Rudi Eigenmann and Sam Midkiff (Purdue University)

#### Sitzungssaal, Sunday, September 12, 1:30 pm – 5:00 pm

The increased importance of parallelism has made parallelizing compiler technology, and easy-to-learn and use compiler infrastructures implementing this technology, increasingly important to researchers, developers and students in the fields of computer architecture, compilers and high performance applications. This tutorial will cover basic parallelizing compiler technology, including dependence analysis, dependence breaking transformations, optimizing transformations, and limits on compiler technology. We will then describe the Cetus source-to-source restructuring compiler infrastructure for C programs which is already used by a substantial number of research projects around the world. Cetus is a freely available, open source community compiler developed with support from the National Science Foundation. Its main distinction from related infrastructure efforts is its focus on high-level source-to-source translation for C programs and abstract internal representation. These features have already proven to enable highly efficient design and implementation of new compilation techniques. The tutorial aims to reach a wider audience and provide guidance for the use of the resource and its advanced optimization techniques. These techniques include new symbolic analysis methods, such as range analysis, automatic parallelization for multicores, and optimizations for heterogeneous multicores.

#### **Topics Covered:**

The first part of the tutorial will consist of an introduction to parallelizing compiler technology. Topics include:

- Dependence analysis and its relation to parallelization;
- Dependence eliminating transformations (i.e. privatization and expansion, forward substitution)
- Program optimizations, including vectorization and parallelization, parallelization of fully and partially parallel loops;
- Issues raised by optimizing explicitly parallel programs;
- Limits on compiler technology, and techniques such as cloning and profiling to overcome these.

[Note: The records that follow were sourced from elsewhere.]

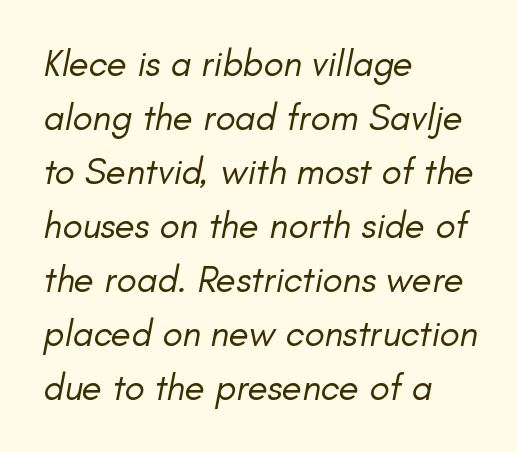
{"italic": "yes", "lean": "right", "slant_degrees": 11, "bold": "no", "weight": "regular", "width": "normal", "stroke_contrast": "low", "x_height": "small", "monospaced": "no", "underline": "no", "align": "left", "line_spacing": "normal", "line_spacing_ratio": 1.46, "letter_spacing": "normal", "letter_spacing_em": 0.0, "glyph_px": 37}
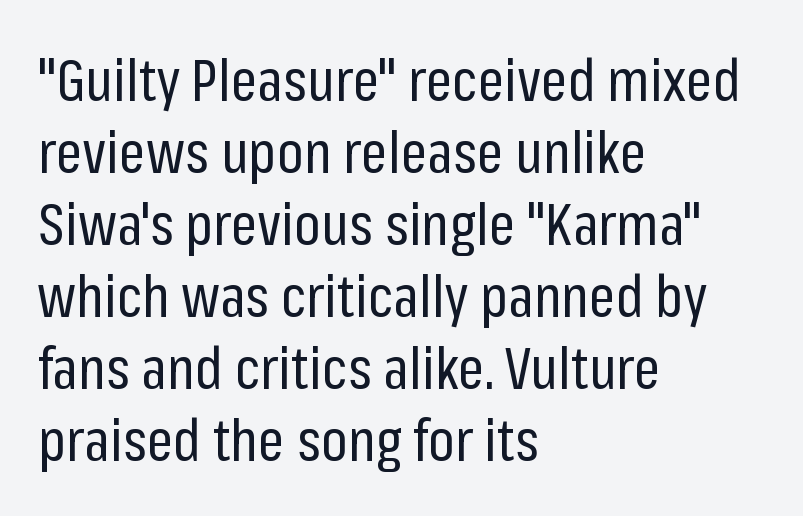
Only glyphs here, with clear space below each row. Here the designer chose a conventional face with non-uniform glyph widths. No chunkiness to these letters — they're not bold. Is there any slant? The stems are plumb.
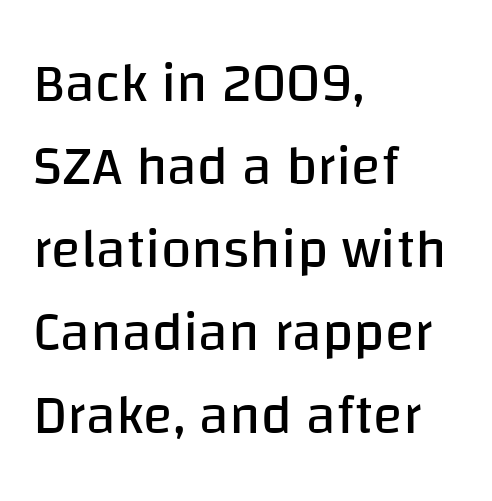
{"serif": "no", "italic": "no", "bold": "no", "weight": "regular", "width": "normal", "stroke_contrast": "low", "x_height": "large", "monospaced": "no", "underline": "no", "align": "left", "line_spacing": "normal", "line_spacing_ratio": 1.51, "letter_spacing": "normal", "letter_spacing_em": 0.0, "glyph_px": 55}
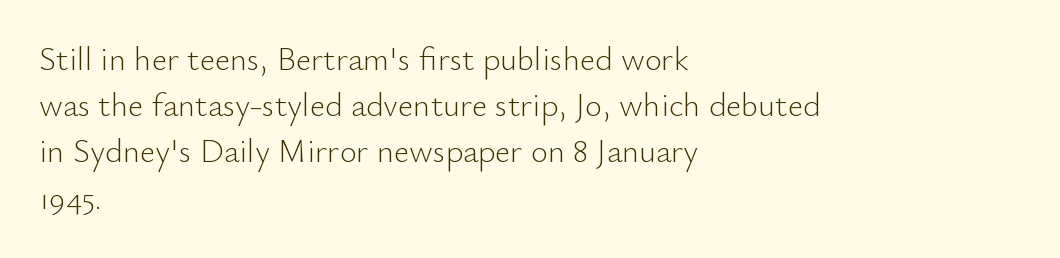
The image shows 33 px light sans-serif type, upright; set left-aligned, normal line spacing (1.4x), normal letter spacing, not underlined; low stroke contrast and a small x-height.
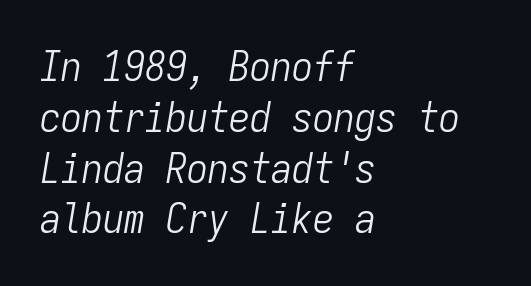
Monospaced: the letters line up in strict vertical columns. The passage shown is not bold in any degree. Any mark beneath the type? The region is blank. Leftover space on each line is placed entirely after the last word. It's the slanting kind of type. The face used here is rendered with its standard letterfit.
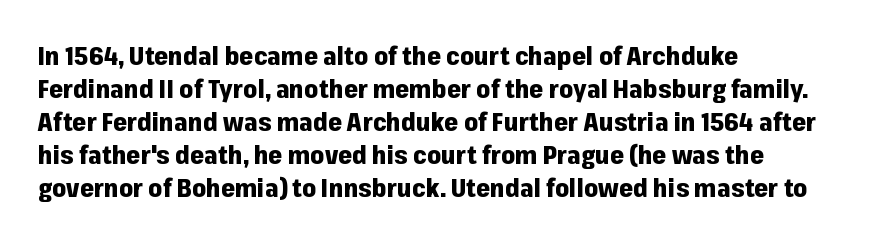
A full-strength bold gives these letters their thick strokes. The gaps between neighbouring characters are ordinary and unremarkable. The lines sit at an ordinary, default distance from one another. Descender tails drop into unmarked territory.
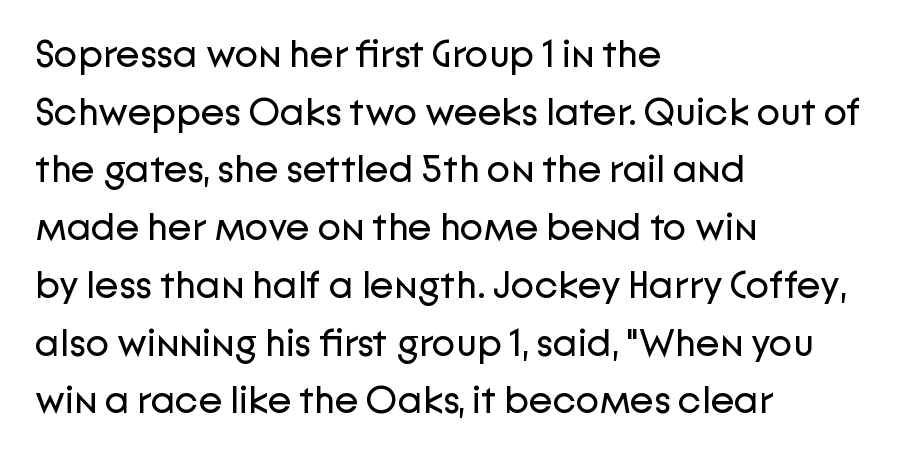
The image shows 39 px regular-weight sans-serif type, upright; set left-aligned, normal line spacing (1.48x), normal letter spacing, not underlined; low stroke contrast and a medium x-height.
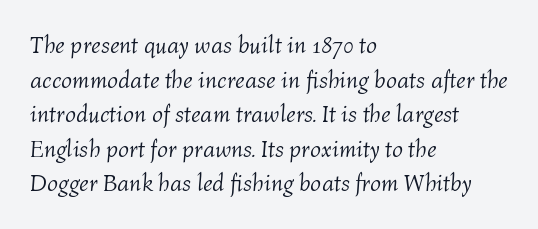
The image shows 24 px text type, italic (leaning right); set left-aligned, normal line spacing (1.44x), normal letter spacing, not underlined.
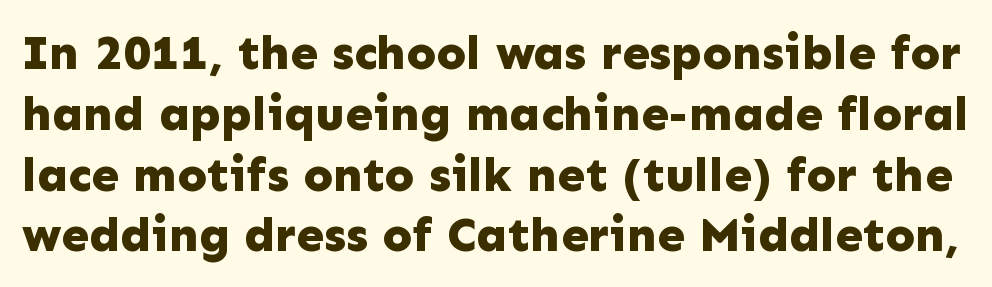
The image shows 49 px bold sans-serif type, upright; set line spacing 1.24x, normal letter spacing, not underlined; low stroke contrast and a medium x-height.
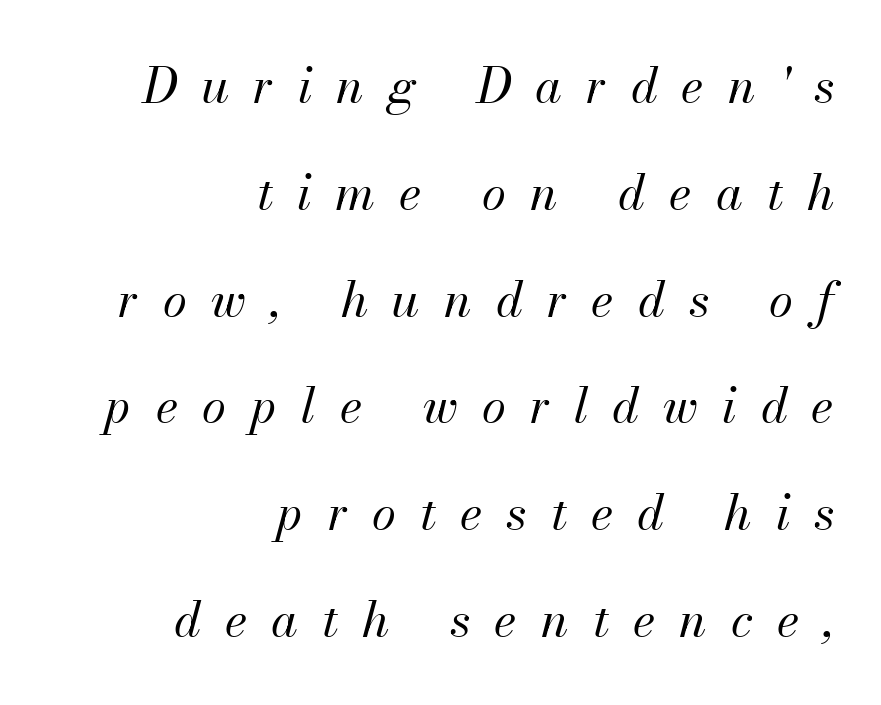
The font sits on the lighter half of the weight spectrum, regular included. The words here are not underlined. A typesetter would call this leading open, well beyond the default. The typesetter chose a ragged-left arrangement here.
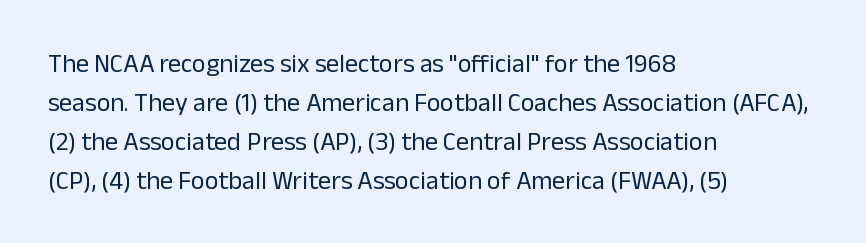
Q: Is the text bold? A: No.
Q: Is the text italic (slanted)? A: No, it is upright.
Q: Is the text underlined? A: No.
Q: How is the paragraph aligned? A: Left-aligned.
Q: Is the spacing between letters normal or unusually wide? A: Normal.
Q: Is the spacing between lines tight, normal or loose? A: Normal.
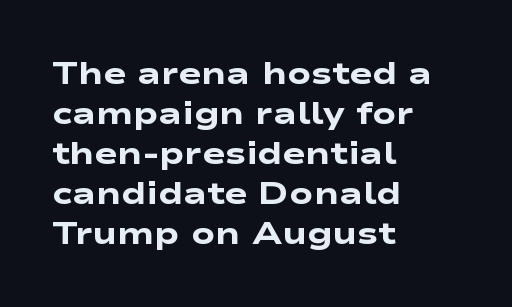
A full-strength bold gives these letters their thick strokes. Each letter keeps its own natural width here, so spacing adapts to shape. Descenders hang freely into open space. The space between consecutive lines is moderate.
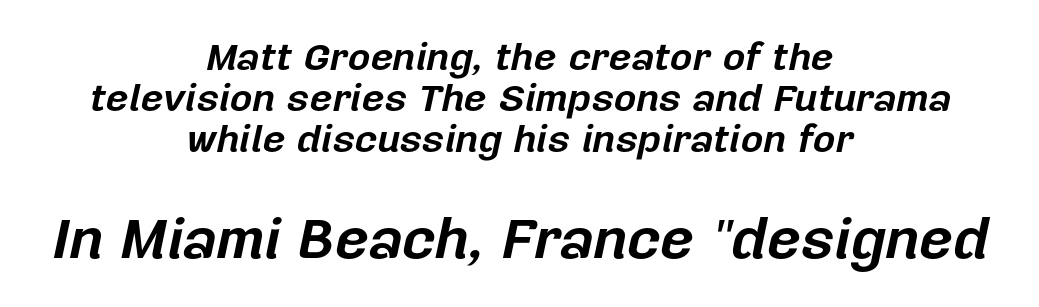
Glyph-to-glyph distance matches everyday printed text. On the weight axis this lands at bold, roughly 700. Italic: yes, the glyphs are oblique. Descender tails drop into unmarked territory. Two sizes are in play, and the larger belongs to the second block.
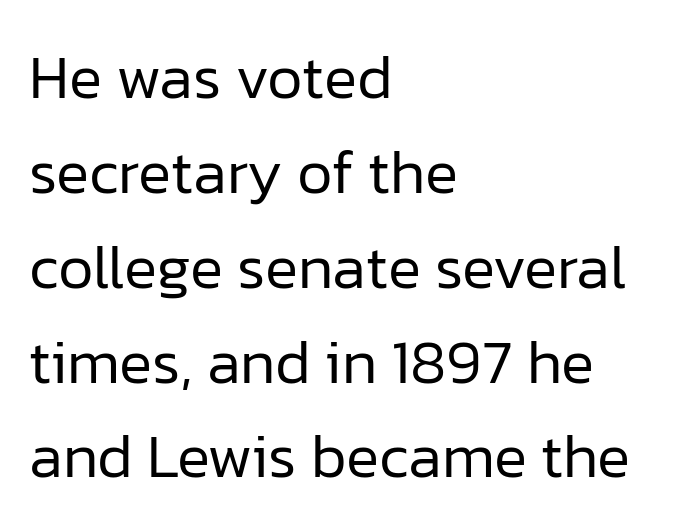
The image shows 62 px regular-weight sans-serif type, upright; set left-aligned, normal line spacing (1.53x), normal letter spacing, not underlined; low stroke contrast and a medium x-height.
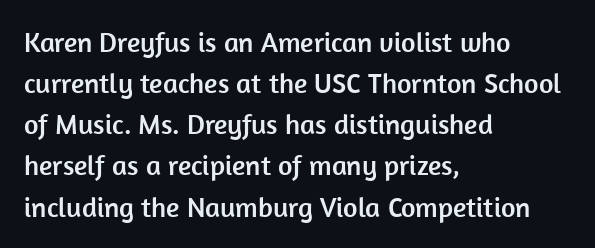
The image shows 28 px sans-serif type, upright; set left-aligned, normal line spacing (1.47x), normal letter spacing, not underlined; low stroke contrast and a medium x-height.
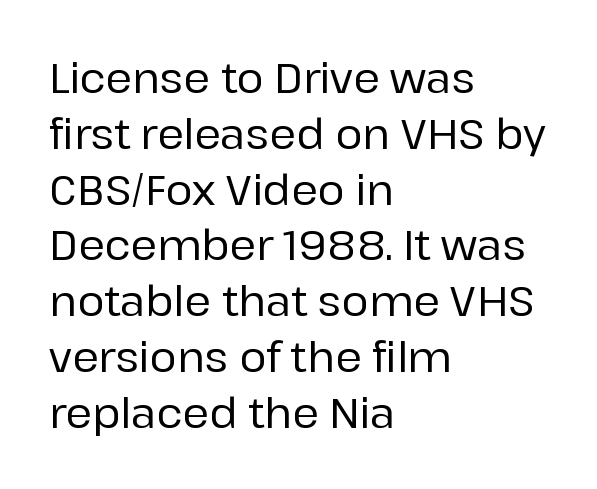
The image shows 41 px sans-serif type, upright; set left-aligned, normal line spacing (1.36x), normal letter spacing, not underlined; low stroke contrast and a medium x-height.
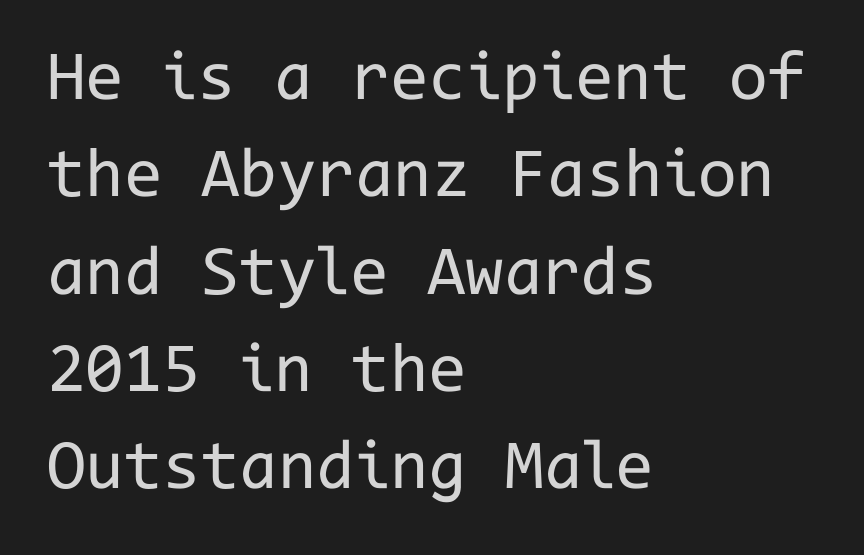
The lines are quadded left. Students, note that the glyphs here touch the page at normal intervals. Rendered with straight, roman letterforms. The space directly below the letters is spotless.
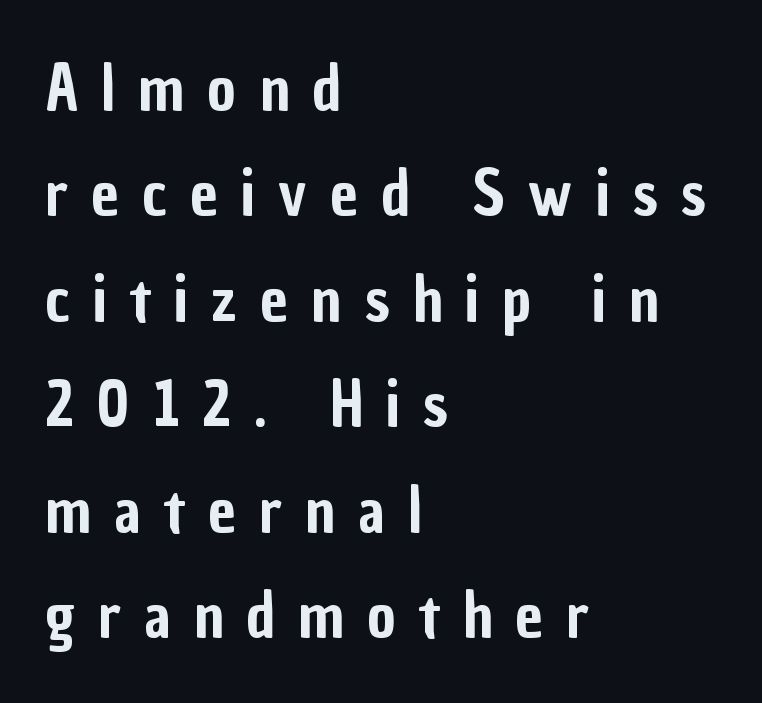
Q: Is the text italic (slanted)? A: No, it is upright.
Q: Is the typeface a serif or a sans-serif typeface? A: Sans-serif.
Q: Is the text underlined? A: No.
Q: How is the paragraph aligned? A: Left-aligned.
Q: Is the spacing between letters normal or unusually wide? A: Unusually wide.
Q: Is the spacing between lines tight, normal or loose? A: Normal.
Q: Width (condensed, normal, or wide)? A: Condensed.
Q: Stroke contrast? A: Low.
Q: x-height? A: Medium.
Q: Monospaced? A: No.

The second part of the tutorial introduces Cetus, a source-to-source restructuring compiler infrastructure for C programs. Cetus is a community resource developed in support by the National Science Foundation. The infrastructure is available at cetus.ecn.purdue.edu. The tutorial will cover:

- Introduction to Cetus' capabilities;
- Internal abstract program representation;
- Optimization and analysis passes currently available in Cetus, including symbolic analysis methods, such as range analysis, automatic parallelization for multicores, and optimizations for heterogeneous multicores;
- Roadmap of ongoing and future enhancements.